■ Input records
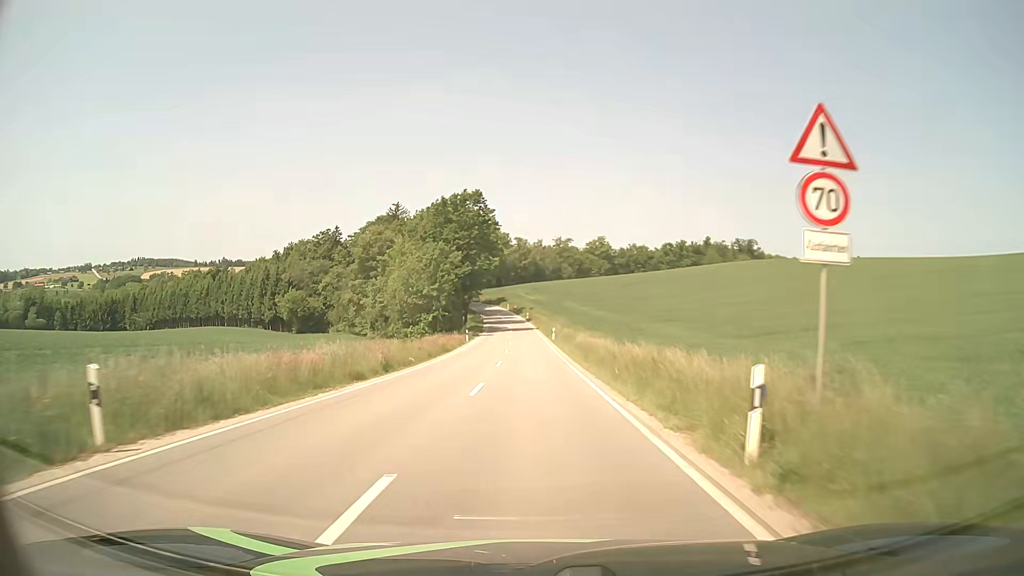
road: tertiary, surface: asphalt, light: Day
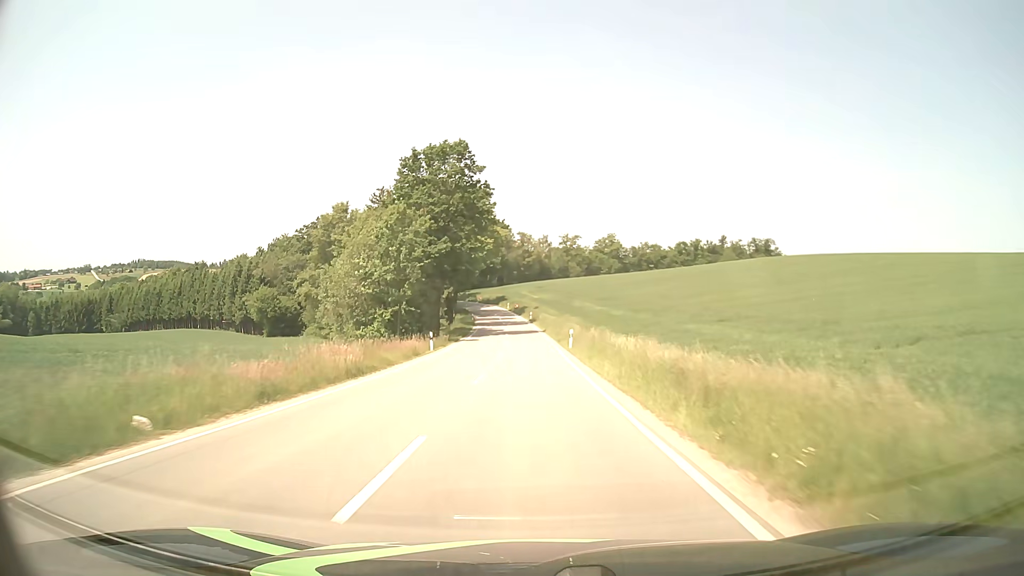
(0.0, +21.7) m; 0°
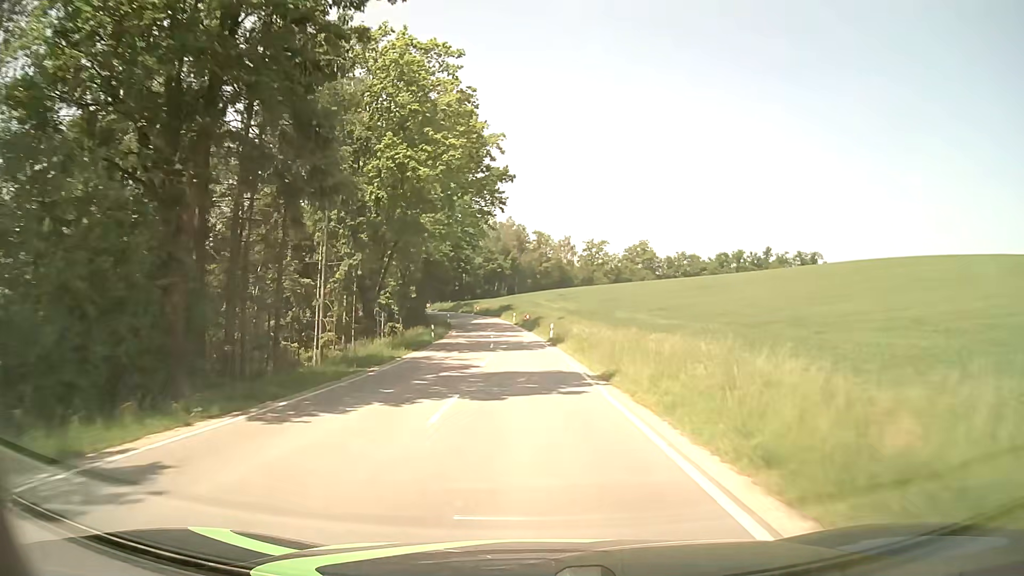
(-0.6, +43.0) m; -1°
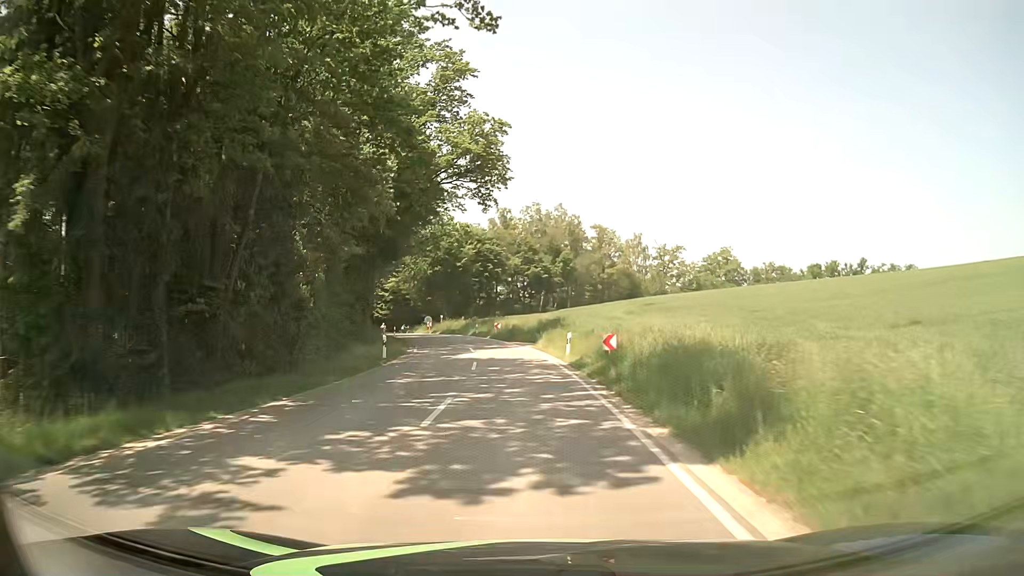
(-1.5, +48.0) m; -5°
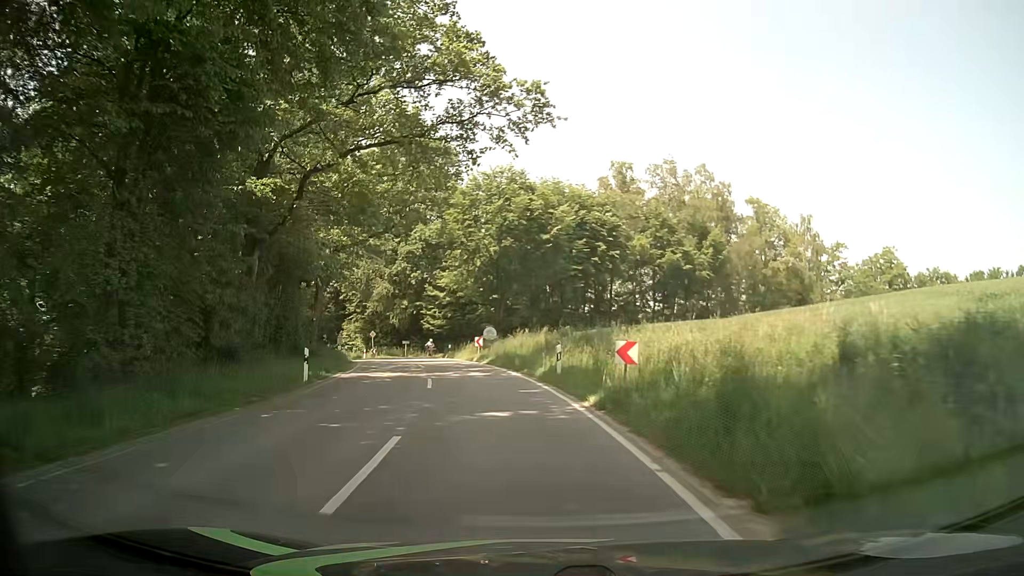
(-2.1, +40.3) m; -9°
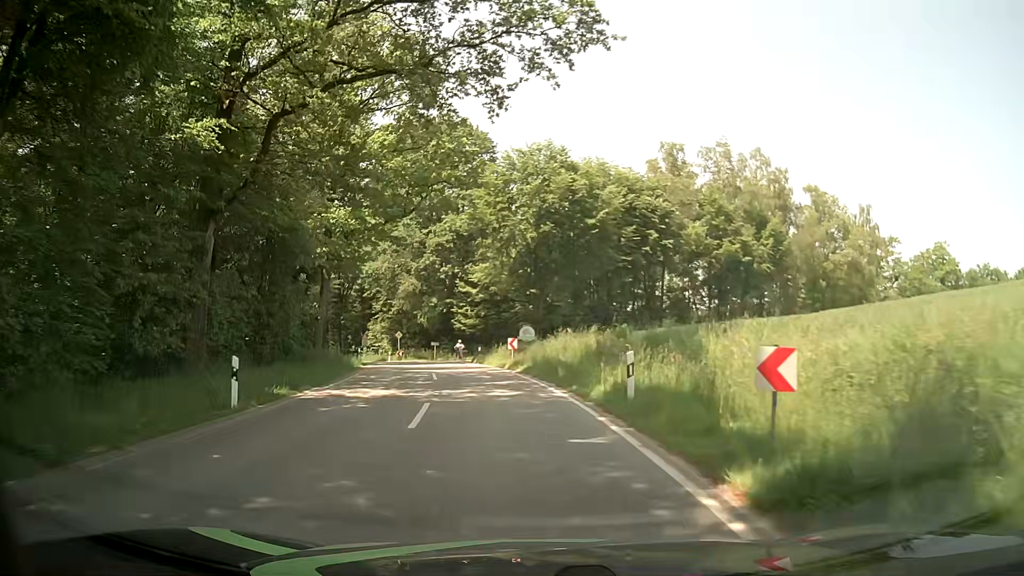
(-0.2, +7.3) m; -3°
(0, +10) (-2, +20) (-3, +30) (-5, +40) (-6, +49) (-2, +58) (+5, +66) (+13, +71) (+21, +77) (+30, +82) m

■ Task description
Make an exact copy of the data above, pictures excluded.

■ Completed exercise
road: tertiary, surface: asphalt, light: Day
(0.0, +21.7) m; 0°
(-0.6, +43.0) m; -1°
(-1.5, +48.0) m; -5°
(-2.1, +40.3) m; -9°
(-0.2, +7.3) m; -3°
(0, +10) (-2, +20) (-3, +30) (-5, +40) (-6, +49) (-2, +58) (+5, +66) (+13, +71) (+21, +77) (+30, +82) m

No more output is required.